Bug 1390693 - Use thread pool for S3 uploads; r?dustin draft
authorGregory Szorc <gps@mozilla.com>
Thu, 24 Aug 2017 12:38:01 -0700
changeset 652435 894334de4a9ef5bc67b65e164fd31690cbad4b44
parent 652434 44548d7131582b817723fb040e4a6819d14096fc
child 728087 372738981bb16656032269421dd865bc6c6f8384
push id76055
push usergszorc@mozilla.com
push dateThu, 24 Aug 2017 20:42:35 +0000
reviewersdustin
bugs1390693
milestone57.0a1
Bug 1390693 - Use thread pool for S3 uploads; r?dustin This reduces the time taken to upload the Firefox docs from ~30s to ~5s (per invocation). MozReview-Commit-ID: DxOrvxvVn42
tools/docs/moztreedocs/upload.py
--- a/tools/docs/moztreedocs/upload.py
+++ b/tools/docs/moztreedocs/upload.py
@@ -2,18 +2,21 @@
 # License, v. 2.0. If a copy of the MPL was not distributed with this
 # file, # You can obtain one at http://mozilla.org/MPL/2.0/.
 
 from __future__ import absolute_import, unicode_literals
 
 import io
 import mimetypes
 import os
+import sys
 
+import botocore
 import boto3
+import concurrent.futures as futures
 import requests
 
 
 def s3_upload(files, key_prefix=None):
     """Upload files to an S3 bucket.
 
     ``files`` is an iterable of ``(path, BaseFile)`` (typically from a
     mozpack Finder).
@@ -42,29 +45,41 @@ def s3_upload(files, key_prefix=None):
         secret = res.json()['secret']
         session = boto3.session.Session(
             aws_access_key_id=secret['AWS_ACCESS_KEY_ID'],
             aws_secret_access_key=secret['AWS_SECRET_ACCESS_KEY'],
             region_name=region)
     else:
         print("Trying to use your AWS credentials..")

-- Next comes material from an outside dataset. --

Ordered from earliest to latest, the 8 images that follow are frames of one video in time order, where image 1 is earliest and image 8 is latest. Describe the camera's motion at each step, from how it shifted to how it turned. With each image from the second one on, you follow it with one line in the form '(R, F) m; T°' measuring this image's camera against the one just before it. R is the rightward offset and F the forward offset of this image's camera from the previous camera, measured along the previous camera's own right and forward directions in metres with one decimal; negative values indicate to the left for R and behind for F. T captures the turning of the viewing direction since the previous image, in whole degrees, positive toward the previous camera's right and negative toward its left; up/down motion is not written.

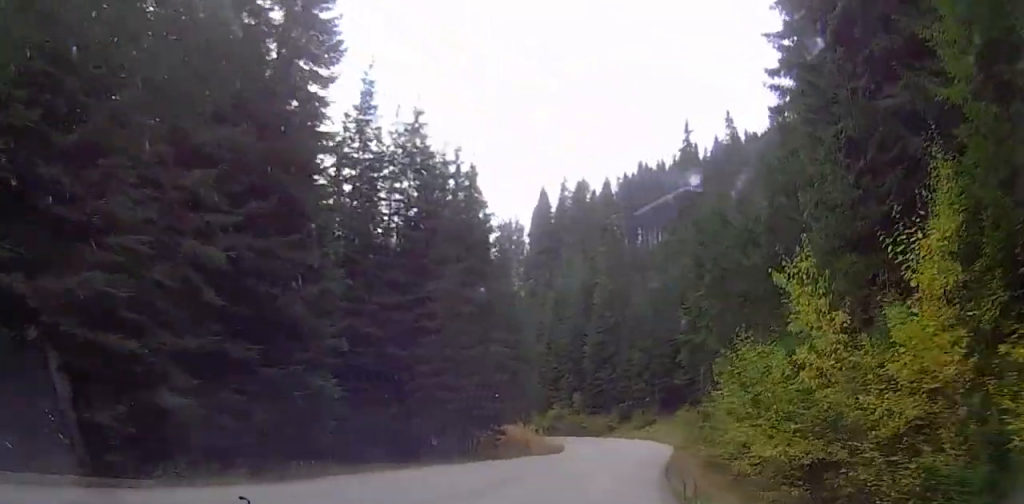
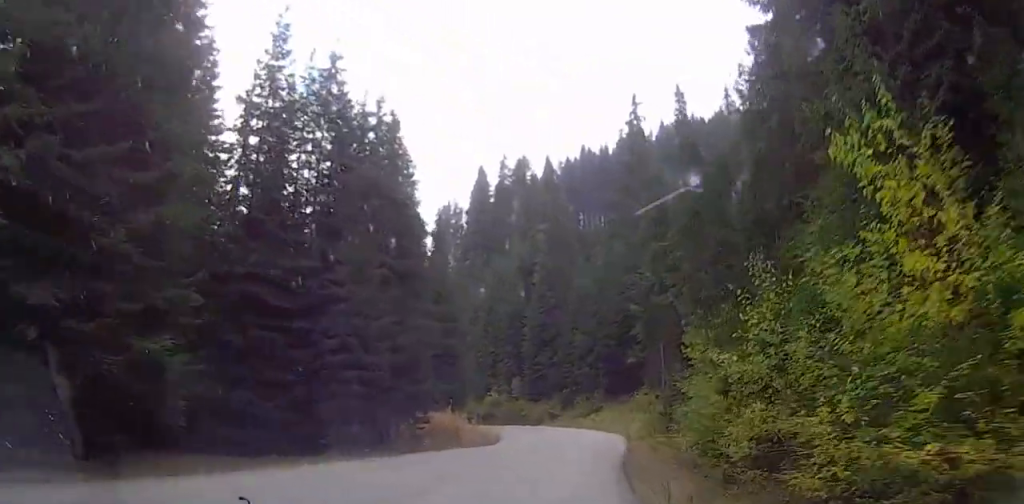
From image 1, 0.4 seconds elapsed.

         session = boto3.session.Session(region_name=region)
-    s3 = session.client('s3')
+
+    s3 = session.client('s3',
+                        config=botocore.client.Config(max_pool_connections=20))
 
-    for path, f in files:
-        content_type, content_encoding = mimetypes.guess_type(path)
-        extra_args = {}
-        if content_type:
-            extra_args['ContentType'] = content_type
-        if content_encoding:
-            extra_args['ContentEncoding'] = content_encoding
+    def upload(f, bucket, key, extra_args):
+        # Need to flush to avoid buffering/interleaving from multiple threads.

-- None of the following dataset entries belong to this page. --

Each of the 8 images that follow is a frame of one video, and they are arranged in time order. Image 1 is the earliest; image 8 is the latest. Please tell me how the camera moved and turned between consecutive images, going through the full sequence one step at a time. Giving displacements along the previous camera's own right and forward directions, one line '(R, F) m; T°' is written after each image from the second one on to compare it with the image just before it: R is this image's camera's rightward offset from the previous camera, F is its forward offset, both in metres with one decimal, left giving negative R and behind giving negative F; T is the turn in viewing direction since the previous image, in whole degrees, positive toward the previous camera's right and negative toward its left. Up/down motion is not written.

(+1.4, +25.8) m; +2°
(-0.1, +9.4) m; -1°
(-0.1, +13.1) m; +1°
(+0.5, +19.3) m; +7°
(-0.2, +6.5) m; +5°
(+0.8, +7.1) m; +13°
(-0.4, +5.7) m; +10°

+        sys.stdout.write('uploading %s to %s\n' % (path, key))
+        sys.stdout.flush()
+        s3.upload_fileobj(f, bucket, key, ExtraArgs=extra_args)
 
-        if key_prefix:
-            key = '%s/%s' % (key_prefix, path)
-        else:
-            key = path
+    fs = []
+    with futures.ThreadPoolExecutor(20) as e:
+        for path, f in files:
+            content_type, content_encoding = mimetypes.guess_type(path)

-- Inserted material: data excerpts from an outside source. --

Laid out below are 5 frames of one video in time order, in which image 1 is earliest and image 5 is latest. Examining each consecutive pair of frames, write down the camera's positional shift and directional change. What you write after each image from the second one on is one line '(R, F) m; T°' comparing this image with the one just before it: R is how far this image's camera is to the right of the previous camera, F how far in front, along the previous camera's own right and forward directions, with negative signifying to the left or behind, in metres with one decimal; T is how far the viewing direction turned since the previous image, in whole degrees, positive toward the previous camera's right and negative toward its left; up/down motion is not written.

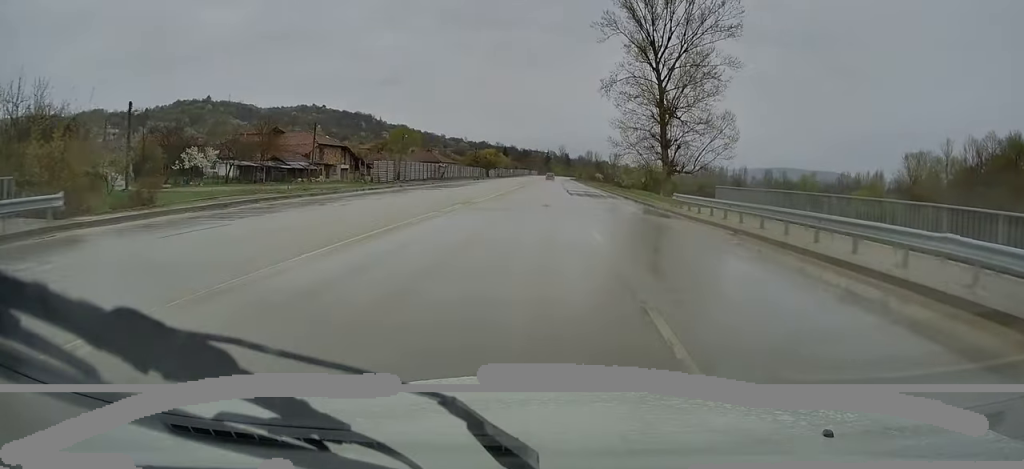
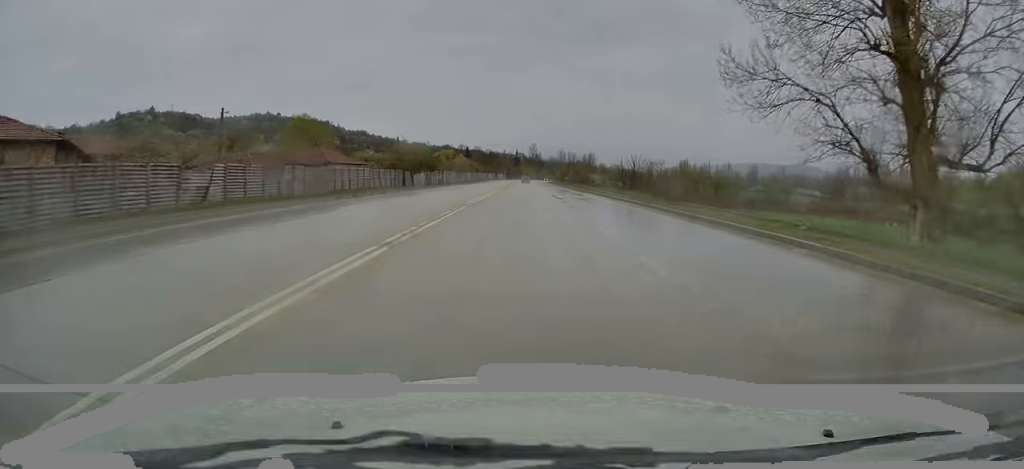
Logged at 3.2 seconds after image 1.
(+1.4, +55.8) m; +2°
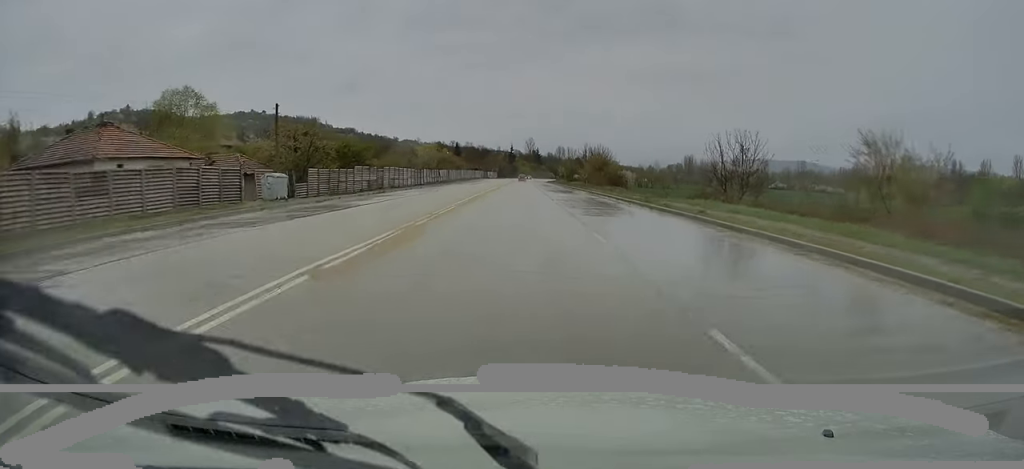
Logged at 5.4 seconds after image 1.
(+0.7, +40.6) m; +1°
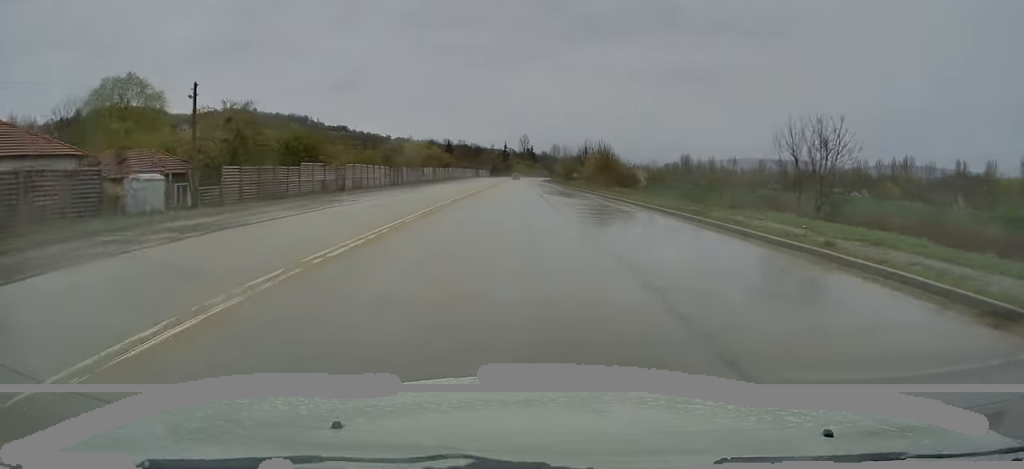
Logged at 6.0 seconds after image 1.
(-0.2, +11.1) m; 0°
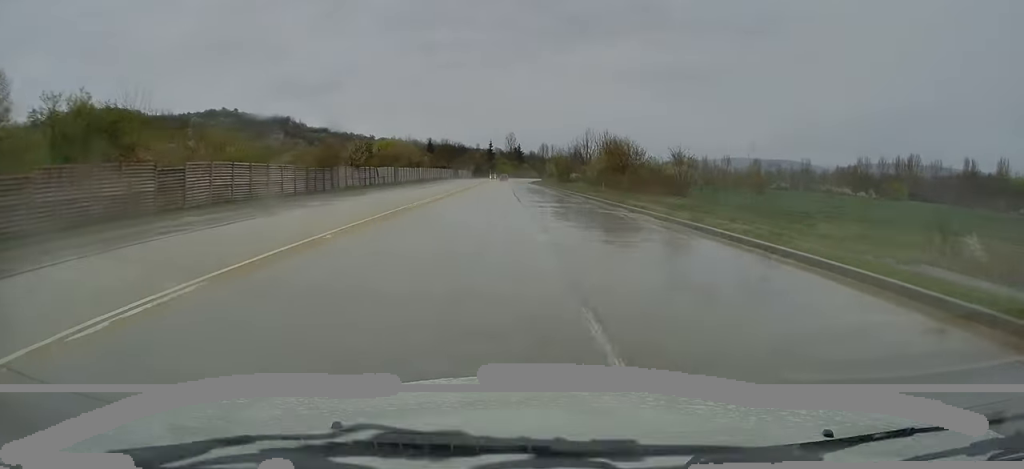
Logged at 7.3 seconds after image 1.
(+0.2, +22.8) m; +1°

+            extra_args = {}
+            if content_type:
+                extra_args['ContentType'] = content_type
+            if content_encoding:
+                extra_args['ContentEncoding'] = content_encoding
 
-        print('uploading %s to %s' % (path, key))
+            if key_prefix:
+                key = '%s/%s' % (key_prefix, path)
+            else:
+                key = path
 
-        # The file types returned by mozpack behave like file objects. But they
-        # don't accept an argument to read(). So we wrap in a BytesIO.
-        s3.upload_fileobj(io.BytesIO(f.read()), bucket, key,
-                          ExtraArgs=extra_args)
+            # The file types returned by mozpack behave like file objects. But
+            # they don't accept an argument to read(). So we wrap in a BytesIO.
+            fs.append(e.submit(upload, io.BytesIO(f.read()), bucket, key,
+                               extra_args))
+
+    # Need to do this to catch any exceptions.
+    for f in fs:
+        f.result()